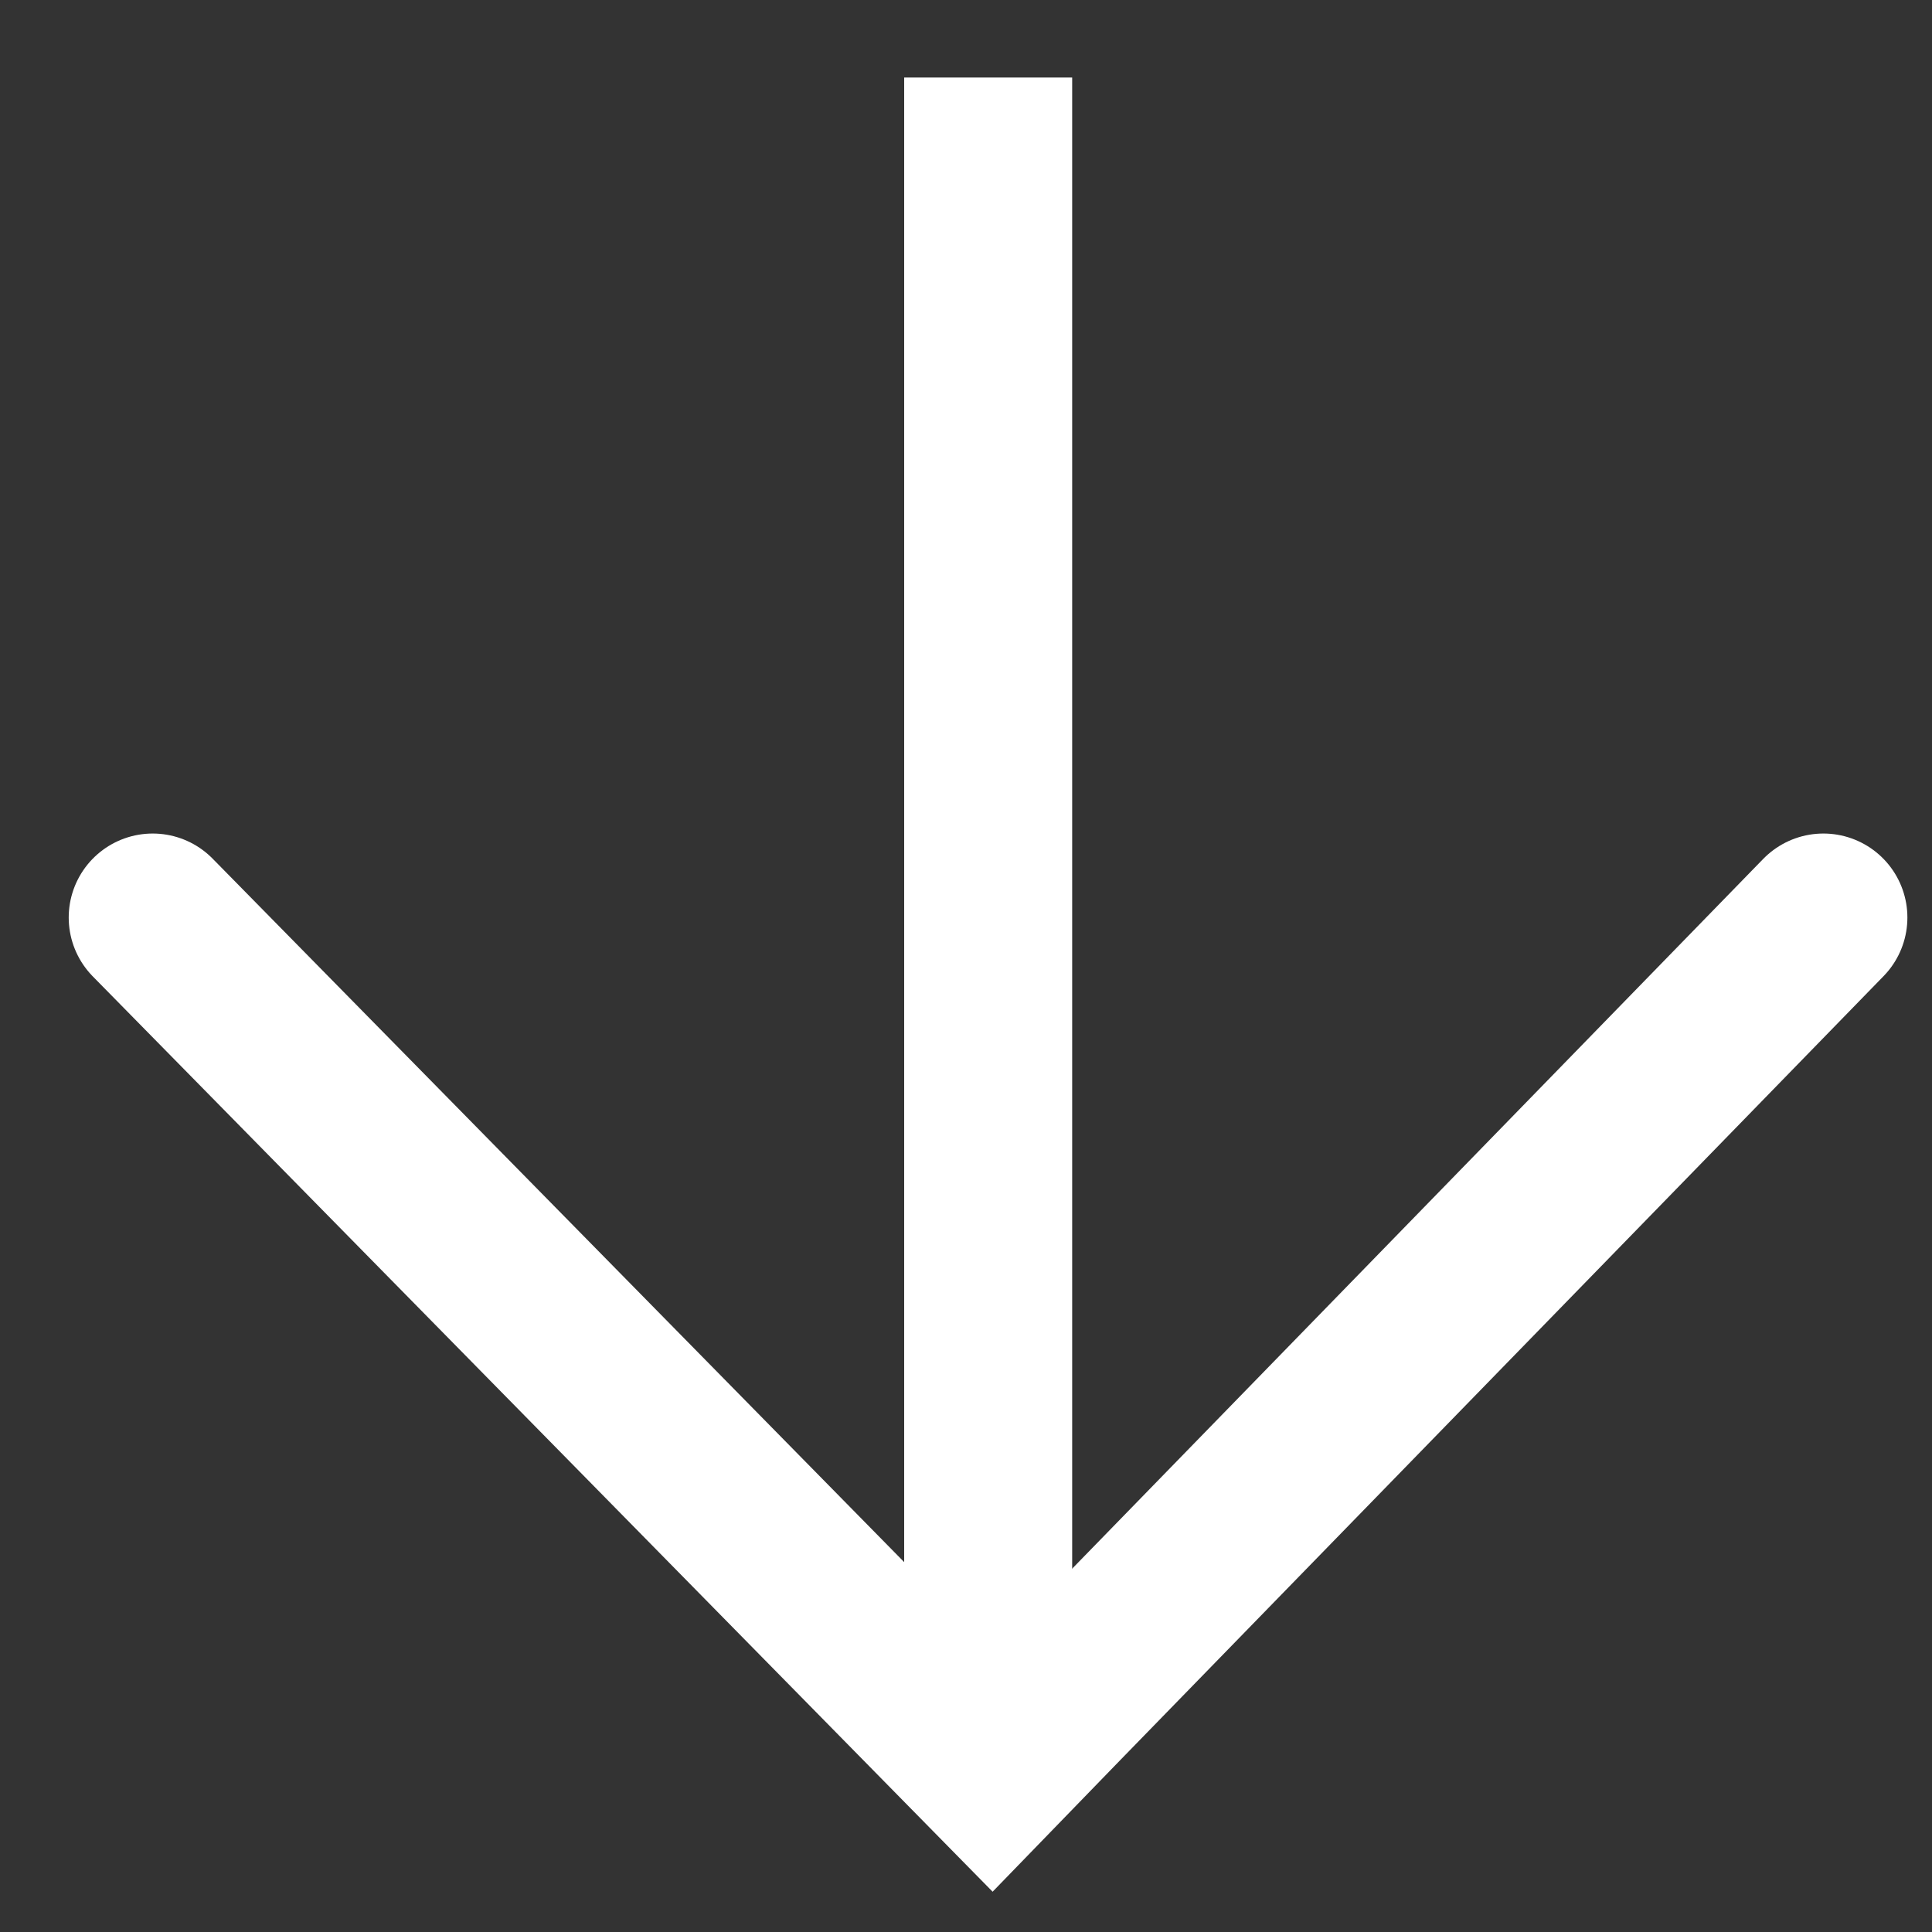<?xml version="1.0" encoding="UTF-8"?>
<svg width="23px" height="23px" viewBox="0 0 23 23" version="1.1" xmlns="http://www.w3.org/2000/svg" xmlns:xlink="http://www.w3.org/1999/xlink">
    <rect x="0" y="0" width="23" height="23" fill="#333333" stroke="none"/>
    <title>Group_134</title>
    <g id="Page-1" stroke="none" stroke-width="1" fill="none" fill-rule="evenodd">
        <g id="Group_134" transform="translate(1.818, 0.923)" stroke="#FFFFFF" stroke-width="2">
            <polyline id="Path_91" stroke-linecap="round" points="1.13686838e-13 10 9.994 20.166 10.794 19.341 19.889 10"></polyline>
            <line x1="9.946" y1="20" x2="9.946" y2="0" id="Line_44"></line>
        </g>
    </g>
</svg>

++++++++++++++++++++

* Task requirements: Repeat the records above exactly, omitting every picture.

* Answer section:
<?xml version="1.0" encoding="UTF-8"?>
<svg width="23px" height="23px" viewBox="0 0 23 23" version="1.1" xmlns="http://www.w3.org/2000/svg" xmlns:xlink="http://www.w3.org/1999/xlink">
    <rect x="0" y="0" width="23" height="23" fill="#333333" stroke="none"/>
    <title>Group_134</title>
    <g id="Page-1" stroke="none" stroke-width="1" fill="none" fill-rule="evenodd">
        <g id="Group_134" transform="translate(1.818, 0.923)" stroke="#FFFFFF" stroke-width="2">
            <polyline id="Path_91" stroke-linecap="round" points="1.13686838e-13 10 9.994 20.166 10.794 19.341 19.889 10"></polyline>
            <line x1="9.946" y1="20" x2="9.946" y2="0" id="Line_44"></line>
        </g>
    </g>
</svg>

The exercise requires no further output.